L’appello saudita arriva in quanto gli importatori regionali di prodotti alimentari si affrettano a rafforzare le riserve a causa del lockdown dovuto all’emergenza coronavirus che blocca le catene di fornitura a lungo termine.

“Le 60.000 tonnellate sono state acquistate da SALIC”, ha spiegato a Reuters un funzionario della SAGO.

Il grano ucraino che è stato acquistato ha un contenuto proteico compreso tra l’11% e il 12% ed è destinato ad arrivare a settembre.

SAGO ha rinnovato domenica la richiesta a ulteriori investitori di sottoscrivere la fornitura della quantità di grano rimanente.

“In questo primo round, le due società che si sono registrate erano SALIC e Al Rajhi International for Investment”, ha detto SAGO.

“Compreremo ancora di più”.

Gli investitori che si registrano presso SAGO per vendere grano dai loro terreni agricoli all’estero devono essere almeno al 51% di proprietà saudita, secondo i regolamenti pubblicati da SAGO.

Il grano prodotto all’estero deve anche rispettare tutte le specifiche di importazione del grano di SAGO e la quantità prodotta da un paese di origine non può essere inferiore a 5.000 tonnellate.

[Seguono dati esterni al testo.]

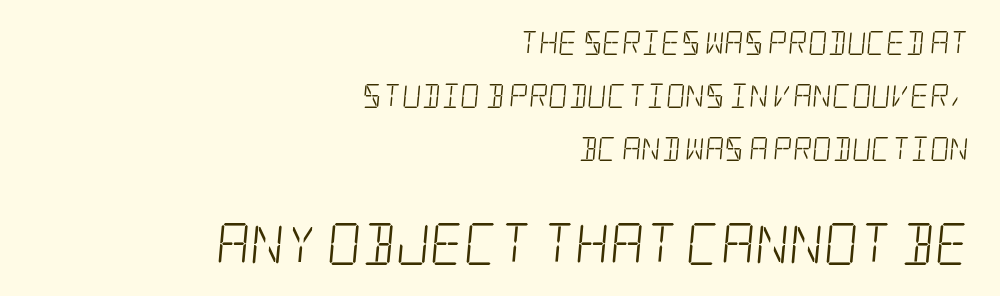
Q: Is the text bold? A: No.
Q: Is the typeface a serif or a sans-serif typeface? A: Serif.
Q: Is the text underlined? A: No.
Q: How is the paragraph aligned? A: Right-aligned.
Q: Is the spacing between letters normal or unusually wide? A: Normal.
Q: Is the spacing between lines tight, normal or loose? A: Loose.
Q: Which block of text is set in a larger size, the first (top) or the second (bottom)? A: The second (bottom) one.
Q: Width (condensed, normal, or wide)? A: Condensed.
Q: Stroke contrast? A: Low.
Q: x-height? A: Large.
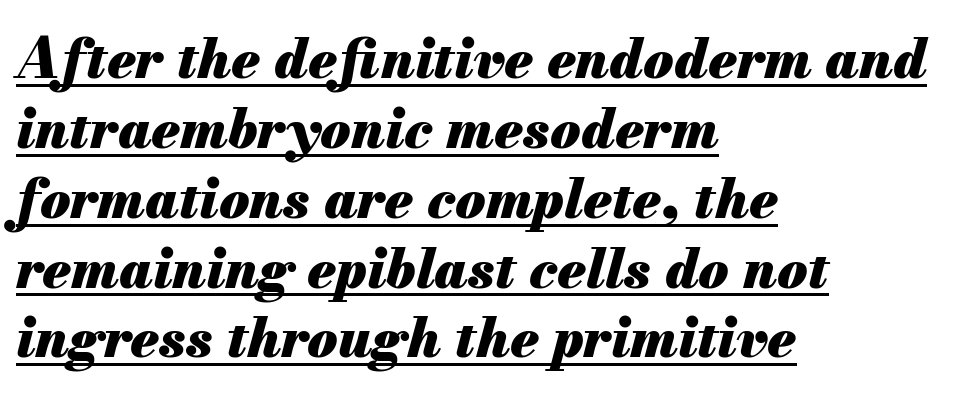
Q: Is the text bold? A: Yes.
Q: Is the text italic (slanted)? A: Yes, it leans right by about 13 degrees.
Q: Is the text underlined? A: Yes.
Q: How is the paragraph aligned? A: Left-aligned.
Q: Is the spacing between letters normal or unusually wide? A: Normal.
Q: Is the spacing between lines tight, normal or loose? A: Normal.
Q: Width (condensed, normal, or wide)? A: Normal.
Q: Stroke contrast? A: Medium.
Q: x-height? A: Small.
Q: Monospaced? A: No.

L’Arabia Saudita importa normalmente grano dagli Stati Uniti, dal Sud America, dall’Australia e dall’Europa.

L’anno scorso SAGO ha allentato alcune specifiche relative al grano, una mossa progettata per consentire un maggior numero di importazioni di grano dalla regione del Mar Nero.

Il suo primo acquisto di grano russo è stato spedito all’inizio di questo mese.